Thank you for your question. Please permit me to assist you with your concerns.

To answer directly, if you are acting as an independent agent for both parties, then it is really irrelevant who pays you your commission, be it the buyer or the seller. But if you are representing the seller in this endeavor, then unless the buyer agrees otherwise, the seller is responsible to cover your expenses purely due to whom you represent. This is not an illegal practice, but ultimately what governs is whatever agreement or contract your have in place. If there is no contract, the seller can bully you. Otherwise you can compel him to cover costs.
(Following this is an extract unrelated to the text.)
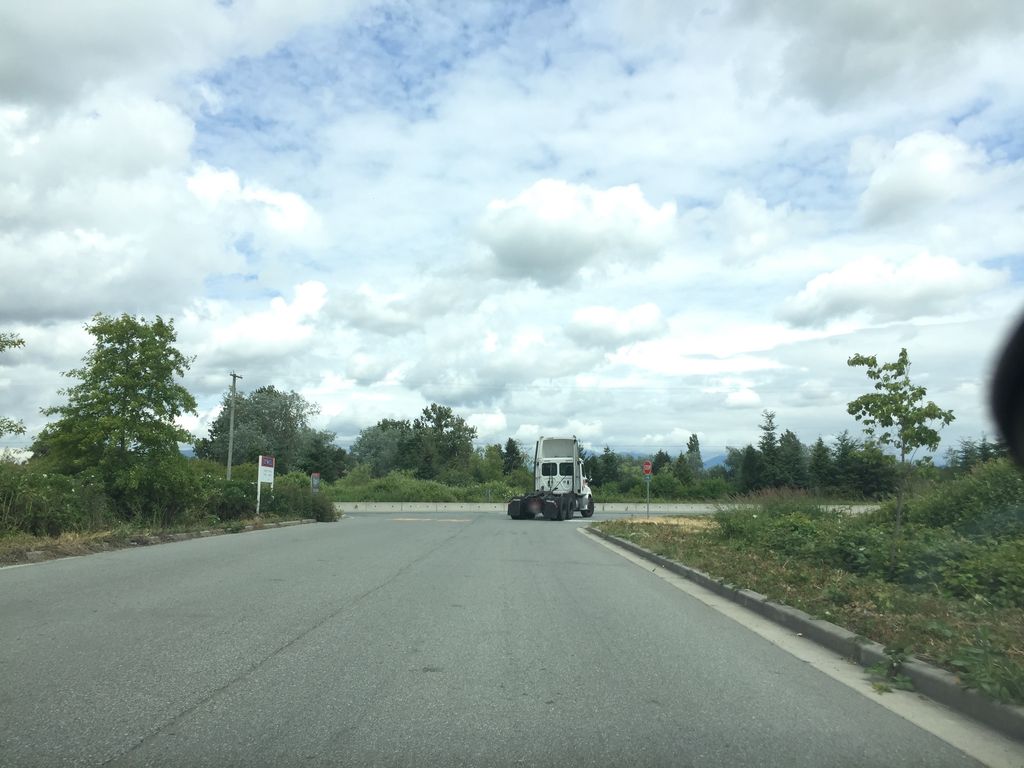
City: vancouver

In some instances both the buyer and seller can agree to each cover a share of your fee as well. Here, since there is an agreement in place, you can demand the fee from the buyer but the back-up position would be the seller.

Good luck.

Dimitry K., Esq. and 3 other Business Law Specialists are ready to help you
Customer: replied 3 years ago.

In this case, I am told that the seller as a backup is not even an option due to legal limitation--the seller is a cooperative. Will it be within bounds for me to indicate that the fee is non-negotiable to the buyer or is everything negotiable to a certain degree?
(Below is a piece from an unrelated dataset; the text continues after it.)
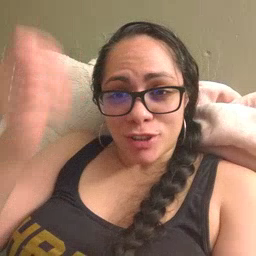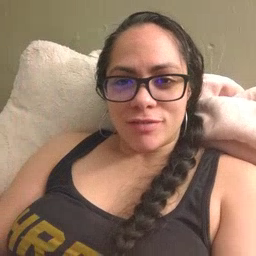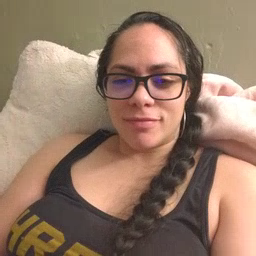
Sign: garbage
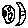
Label: moon

Thank you for your follow-up, Fernando.

If the buyer was not a part of the agreement pertaining to what your fee would be (meaning that what agreement you have in place does not expressly designate your fee percentage), then the fee is negotiable. But at the same time you can let them know that the fee is non-negotiable based on industry standard (if there is one), or based on assurances provided to you by the parties before you got involved in this process. The parties can try to negotiate with you, but it would be up to you as to whether or not agree to negotiate or not.

Good luck.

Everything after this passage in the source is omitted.